• _Record extracts_
((

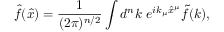
\hat { f } ( \hat { x } ) = \frac { 1 } { ( 2 \pi ) ^ { n / 2 } } \int d ^ { n } k ~ e ^ { i k _ { \mu } \hat { x } ^ { \mu } } \tilde { f } ( k ) ,
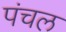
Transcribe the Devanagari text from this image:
पंचल
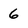
Character: 6
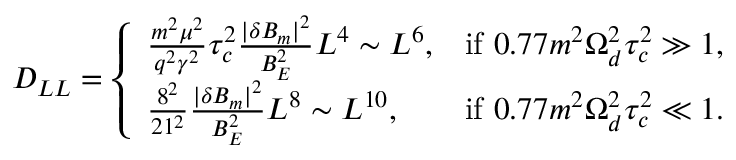
D _ { L L } = \left\{ \begin{array} { l l } { \frac { m ^ { 2 } \mu ^ { 2 } } { q ^ { 2 } \gamma ^ { 2 } } \tau _ { c } ^ { 2 } \frac { | \delta B _ { m } | ^ { 2 } } { B _ { E } ^ { 2 } } L ^ { 4 } \sim L ^ { 6 } , } & { \mathrm { i f ~ } 0 . 7 7 m ^ { 2 } \Omega _ { d } ^ { 2 } \tau _ { c } ^ { 2 } \gg 1 , } \\ { \frac { 8 ^ { 2 } } { 2 1 ^ { 2 } } \frac { | \delta B _ { m } | ^ { 2 } } { B _ { E } ^ { 2 } } L ^ { 8 } \sim L ^ { 1 0 } , } & { \mathrm { i f ~ } 0 . 7 7 m ^ { 2 } \Omega _ { d } ^ { 2 } \tau _ { c } ^ { 2 } \ll 1 . } \end{array} \right.
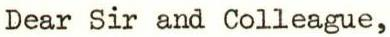
Dear Sir and Colleague,
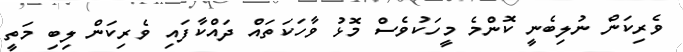
ވެރިކަން ނުލިބެނީ ކޮންމެ މީހަކުވެސް މޮޅު ވާހަކަތައް ދައްކާފައި ވެރިކަން ލިބި މަތީ
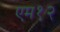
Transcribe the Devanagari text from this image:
एम१२
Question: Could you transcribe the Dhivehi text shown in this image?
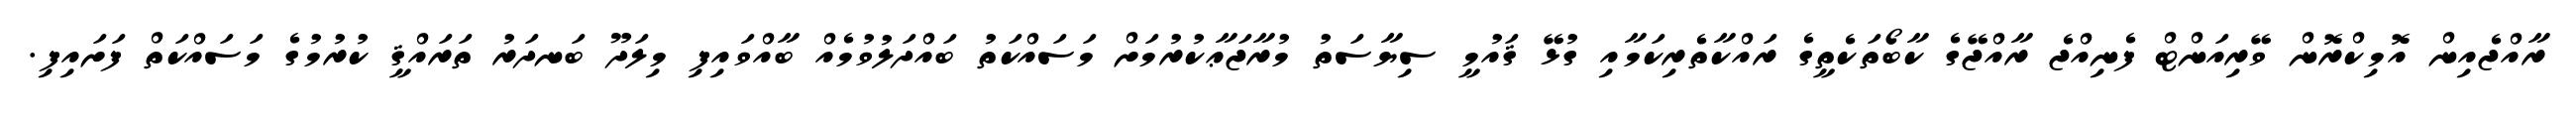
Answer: ރާއްޖެއިން އޮމިކްރޮން ވޭރިއަންޓް ފެނިއްޖެ ރާއްޖޭގެ ކާބޯތަކެތީގެ ރައްކާތެރިކަމާއި ގުޅޭ ޤައުމީ ސިޔާސަތު މުރާޖަޢާކުރުމަށް މަސައްކަތު ބައްދަލުވުމެއް ބާއްވައިފި މިލަދޫ ބަނދަރު ތަރައްޤީ ކުރުމުގެ މަސައްކަތް ފަށައިފި.
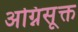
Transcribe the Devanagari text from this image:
अग्निसूक्त
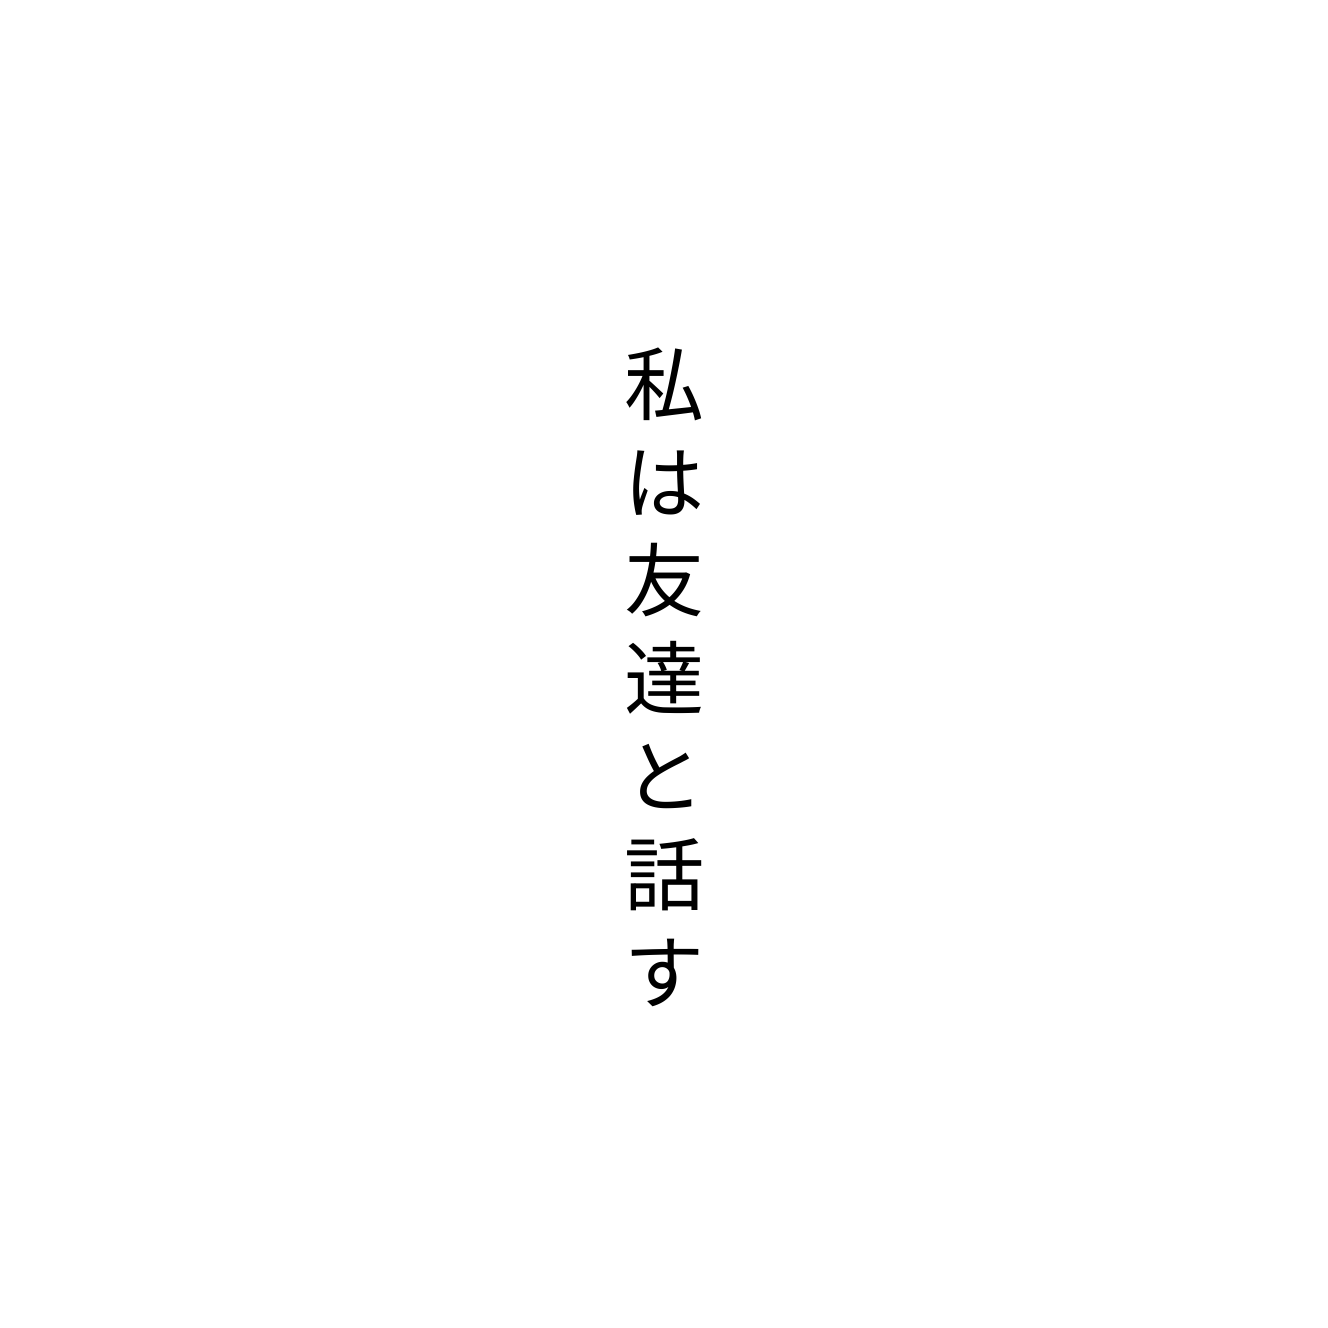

))

• _The problem_
All that belongs in the answer is the exact run of lines from the line containing "Question: Could you" to the end of the listing above, pictures removed.

• _Output_
Question: Could you transcribe the Dhivehi text shown in this image?
Answer: ރާއްޖެއިން އޮމިކްރޮން ވޭރިއަންޓް ފެނިއްޖެ ރާއްޖޭގެ ކާބޯތަކެތީގެ ރައްކާތެރިކަމާއި ގުޅޭ ޤައުމީ ސިޔާސަތު މުރާޖަޢާކުރުމަށް މަސައްކަތު ބައްދަލުވުމެއް ބާއްވައިފި މިލަދޫ ބަނދަރު ތަރައްޤީ ކުރުމުގެ މަސައްކަތް ފަށައިފި.
Transcribe the Devanagari text from this image:
अग्निसूक्त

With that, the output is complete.